Aim of the task: Reproduce the records word for word, apart from the images they contain.
-=-=-
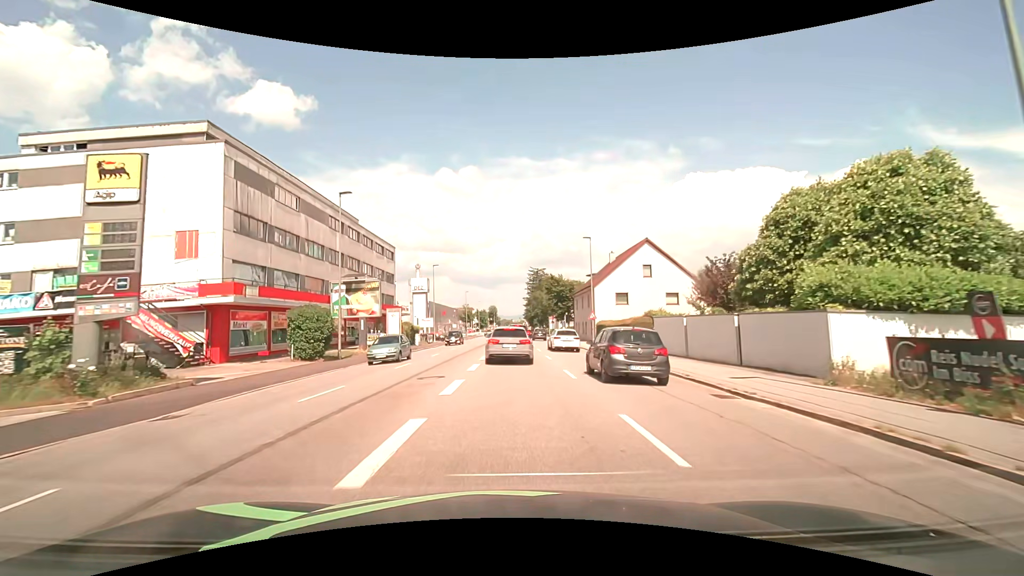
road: tertiary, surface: asphalt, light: Day
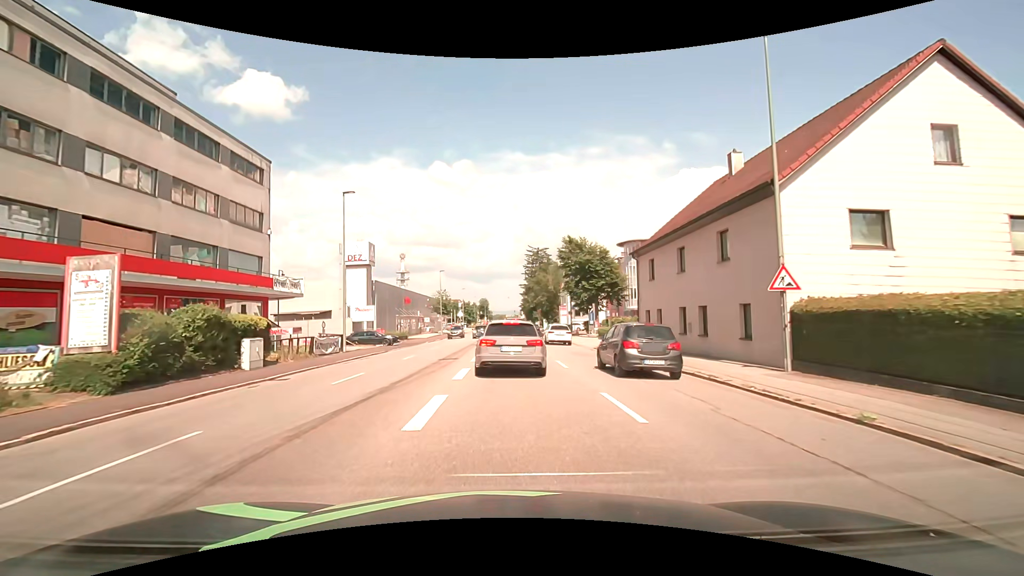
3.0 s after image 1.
(+0.1, +33.6) m; +1°
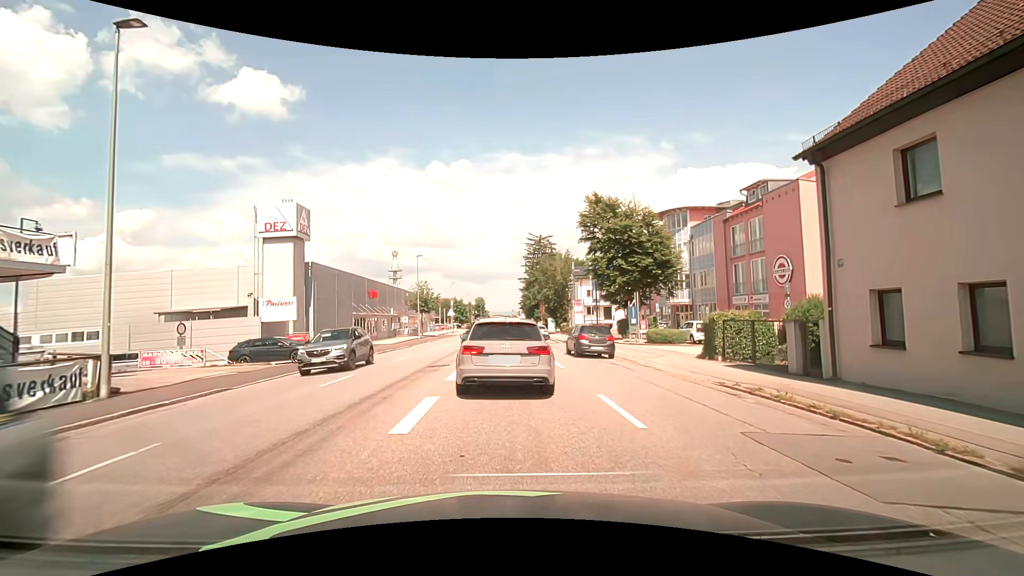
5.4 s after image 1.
(+0.1, +17.7) m; 0°
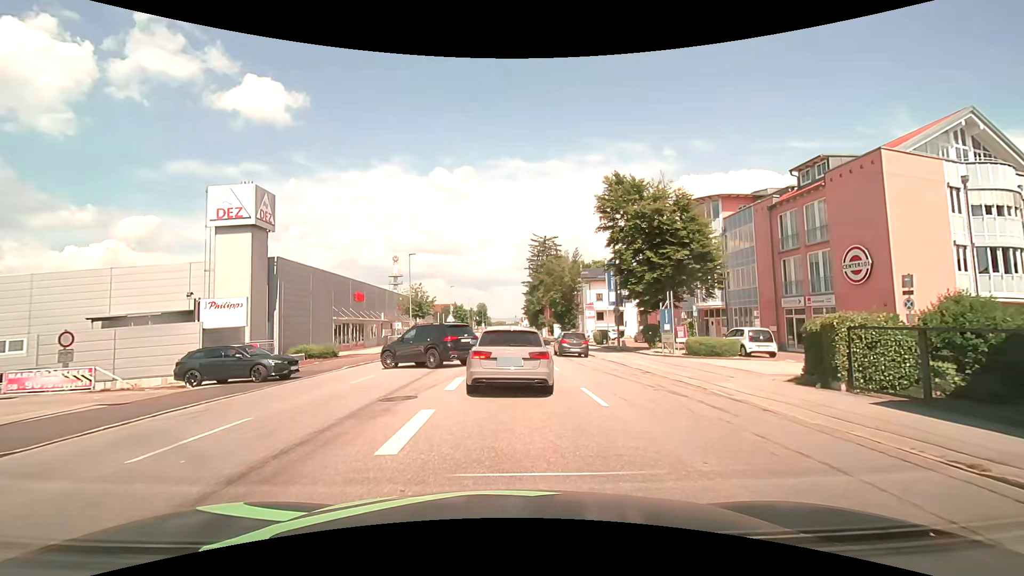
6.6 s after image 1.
(0.0, +6.6) m; 0°
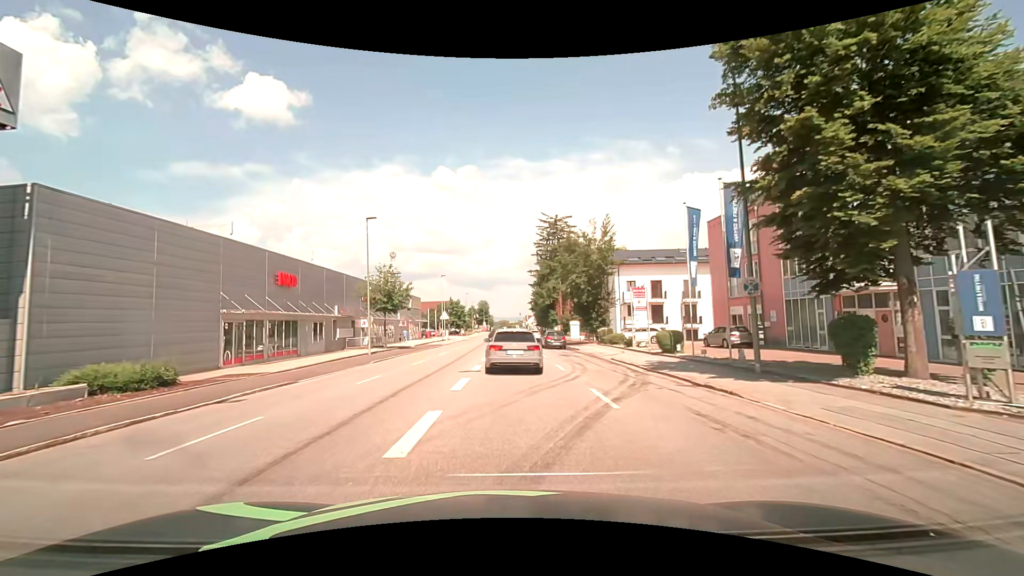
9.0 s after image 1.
(-0.1, +18.6) m; -1°
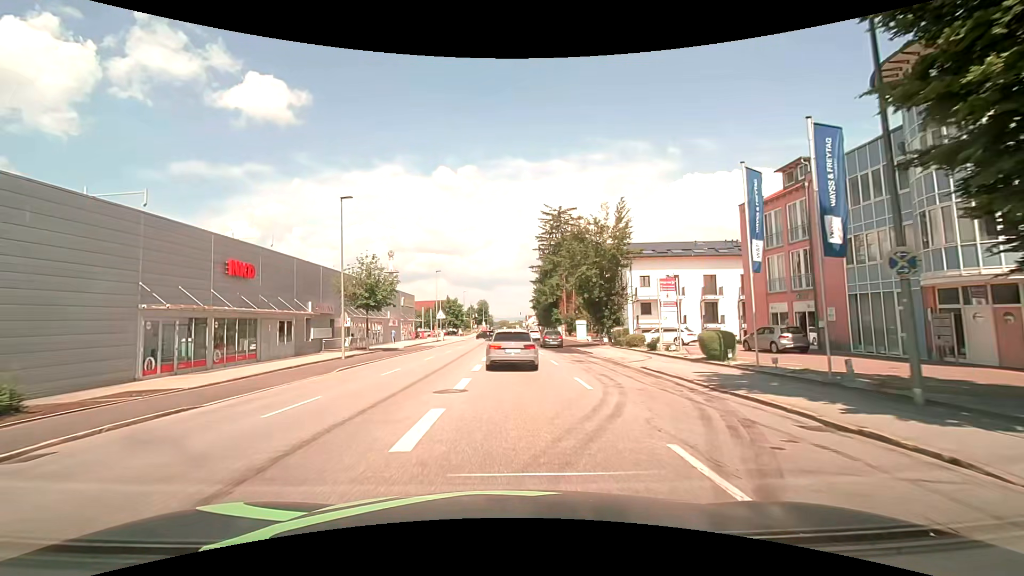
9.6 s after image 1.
(0.0, +6.0) m; 0°
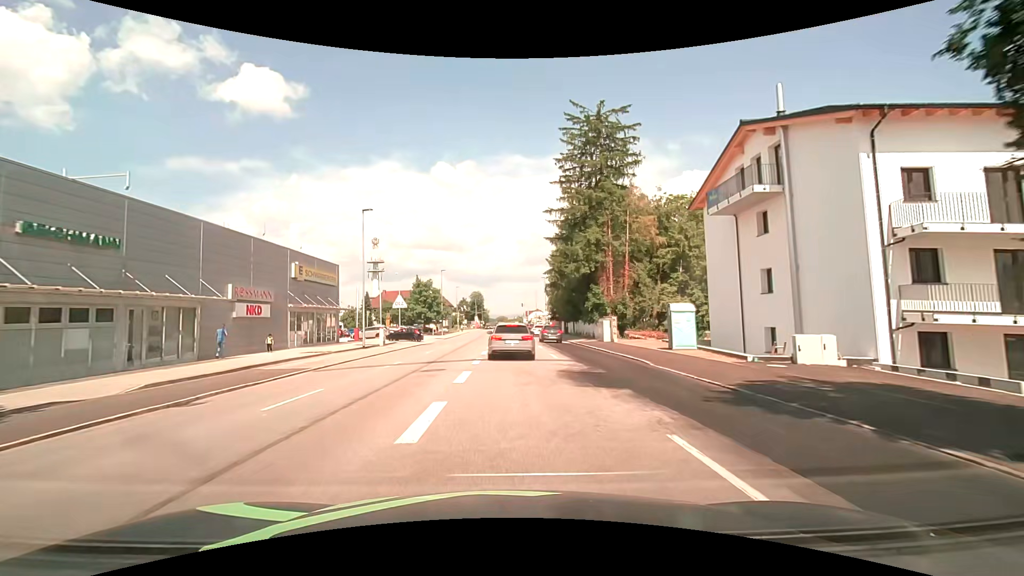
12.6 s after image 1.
(+0.2, +36.2) m; 0°
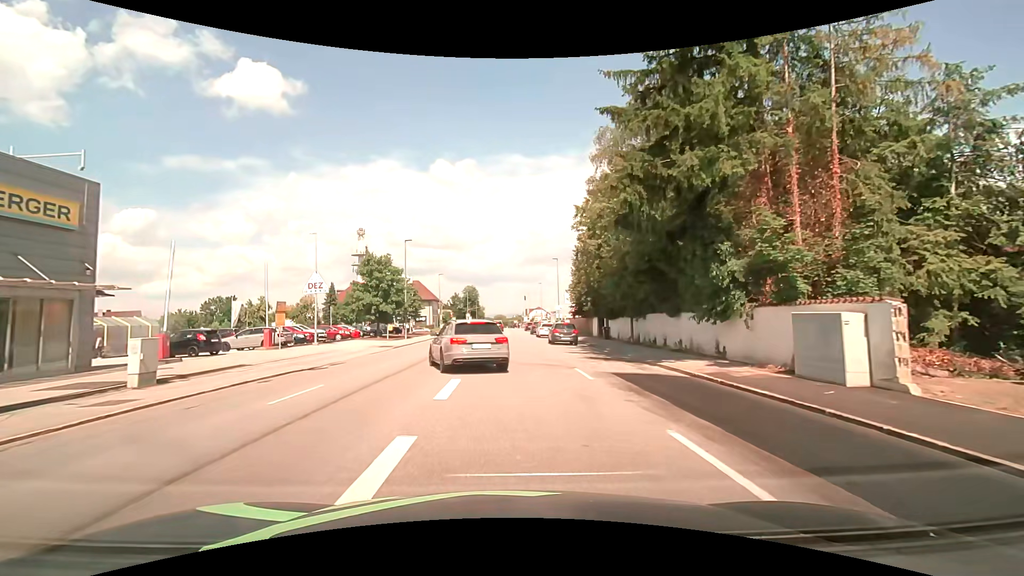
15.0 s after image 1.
(-0.1, +26.5) m; 0°
-=-=-
Exercise response:
road: tertiary, surface: asphalt, light: Day
3.0 s after image 1.
(+0.1, +33.6) m; +1°
5.4 s after image 1.
(+0.1, +17.7) m; 0°
6.6 s after image 1.
(0.0, +6.6) m; 0°
9.0 s after image 1.
(-0.1, +18.6) m; -1°
9.6 s after image 1.
(0.0, +6.0) m; 0°
12.6 s after image 1.
(+0.2, +36.2) m; 0°
15.0 s after image 1.
(-0.1, +26.5) m; 0°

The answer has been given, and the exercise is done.